Call for new attitudes, new approaches to preventing rare but serious errors

San Francisco, CA. (June 20, 2013) - Retention of guidewires used to place central venous catheters (CVCs) is a complication that is considered always preventable--but nevertheless still happens, according to a report in the July issue of Anesthesia & Analgesia, official journal of the International Anesthesia Research Society (IARS).

Dr Andrea Vannucci and colleagues report their hospital's experience of four patients with retained guidewires, and analyze risk factors for these rare, preventable medical errors. A pair of accompanying editorials support the need for more open discussion of so-called "never events," along with systems approaches to minimize the chances of their occurring.

'Never Events' Should Never Happen...But Still Do

Dr Vannucci and coauthors report on four cases of retained guidewires after CVC placement.
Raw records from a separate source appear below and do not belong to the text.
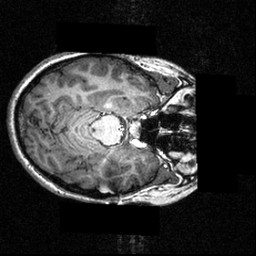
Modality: T1w
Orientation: axial
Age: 16
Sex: female
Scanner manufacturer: siemens
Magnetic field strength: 3.951 T
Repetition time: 1.5 s
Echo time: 0.00335 s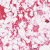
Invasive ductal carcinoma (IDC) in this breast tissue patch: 0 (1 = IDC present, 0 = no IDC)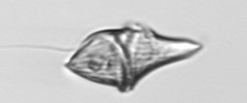
Label: Gyrodinium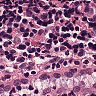
Metastatic tissue present: no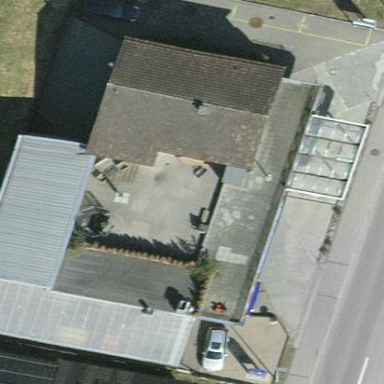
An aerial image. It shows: View of roof of building.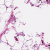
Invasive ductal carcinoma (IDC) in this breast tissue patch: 0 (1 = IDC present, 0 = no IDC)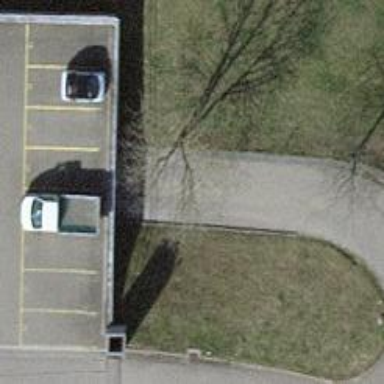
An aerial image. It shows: Parking entrance.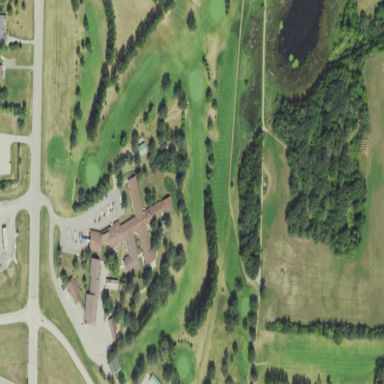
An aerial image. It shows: Golf course.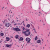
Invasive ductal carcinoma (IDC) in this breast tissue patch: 0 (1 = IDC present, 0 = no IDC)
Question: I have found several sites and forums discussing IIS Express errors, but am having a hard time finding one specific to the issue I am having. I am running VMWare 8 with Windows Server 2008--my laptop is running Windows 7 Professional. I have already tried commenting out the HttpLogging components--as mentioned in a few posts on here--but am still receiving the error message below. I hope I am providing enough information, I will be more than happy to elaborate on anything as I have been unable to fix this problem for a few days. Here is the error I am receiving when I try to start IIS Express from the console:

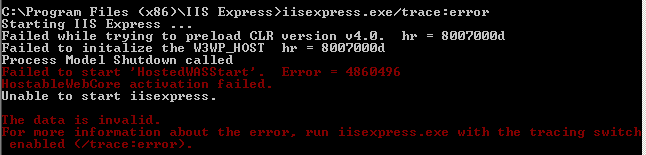
Answer: I figured this out. I had the client version of .NET rather than the actual framework. Details!

Guidewires help in placing CVCs, which are widely used for patient monitoring, fluid or drug administration, and other essential purposes. All four patients underwent CVC placement during complex surgeries such as lung transplantation. The presence of the guidewire was missed on routine postoperative x-rays, and went unrecognized for up to two days after surgery.
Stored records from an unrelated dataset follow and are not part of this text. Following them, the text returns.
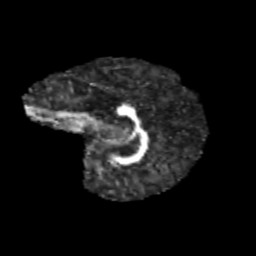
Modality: FA
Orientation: sagittal
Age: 9
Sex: female
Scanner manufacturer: siemens
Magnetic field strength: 3 T
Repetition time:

Dr Vannucci and colleagues analyzed each case in detail to identify potential contributing factors. Retained guidewires are regarded as "sentinel" safety problem or "never event"--they should never occur as long as routine precautions are followed.

All four patients became unstable during surgery, requiring "urgent and complex" procedures. In two cases, there was confusion related to the use of two different guidewires.

Another contributing factor was "inattention blindness"-- because of the patients' unstable condition, supervising doctors were distracted from ensuring that residents assisting in the operating room followed proper steps in guidewire and CVC placement. "We suggest that distraction of the clinicians and task interruptions resulted in unrecognized deviations from proper technique, which resulted in intravascular guidewire loss," Dr Vannucci and coauthors write.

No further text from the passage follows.